🤖 AI Summary
This work addresses the limitations of age-centric status updating in wireless control systems operating under energy constraints and unreliable channels, where minimizing information age does not necessarily enhance dynamic performance. The authors model status updates as a coupon-collector problem with an expiration mechanism and formulate a two-dimensional average-reward Markov decision process to jointly optimize the sender’s information residual lifetime and the receiver’s freshness timer. Key contributions include a dual-threshold optimal scheduling structure that achieves Level-C effectiveness without prior knowledge of channel success probabilities or lifetime distributions, a closed-form deterministic lifetime policy, and a structure-aware Q-learning (SAQ) algorithm that converges faster than standard Q-learning while matching the performance of value iteration. Experiments demonstrate up to a 50% improvement in system reward over age-based baselines, substantially enhancing control efficacy under resource constraints.
📝 Abstract
For status update systems operating over unreliable energy-constrained wireless channels, we address Weaver's long-standing Level-C question: do my packets actually improve the plant's behavior? Each fresh sample carries a stochastic expiration time -- governed by the plant's instability dynamics -- after which the information becomes useless for control.

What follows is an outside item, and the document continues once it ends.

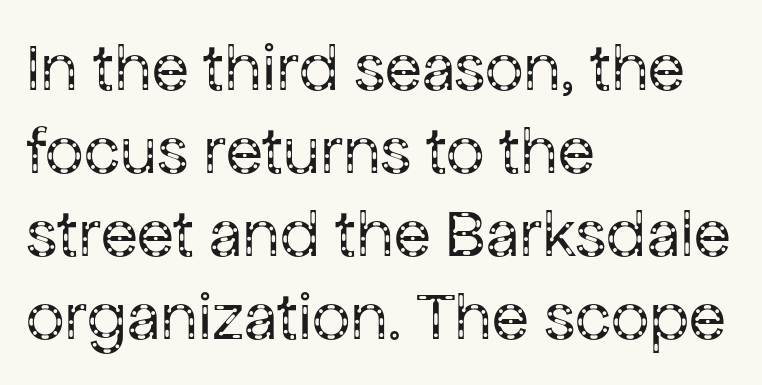
The image shows 68 px regular-weight sans-serif type, upright; set left-aligned, line spacing 1.22x, normal letter spacing, not underlined; low stroke contrast and a medium x-height.

Casting the problem as a coupon-collector variant with expiring coupons, we (i) formulate a two-dimensional average-reward MDP, (ii) prove that the optimal schedule is doubly thresholded in the receiver's freshness timer and the sender's stored lifetime, (iii) derive a closed-form policy for deterministic lifetimes, and (iv) design a Structure-Aware Q-learning algorithm (SAQ) that learns the optimal policy without knowing the channel success probability or lifetime distribution. Simulations validate our theoretical predictions: SAQ matches optimal Value Iteration performance while converging significantly faster than baseline Q-learning, and expiration-aware scheduling achieves up to 50% higher reward than age-based baselines by adapting transmissions to state-dependent urgency -- thereby delivering Level-C effectiveness under tight resource constraints.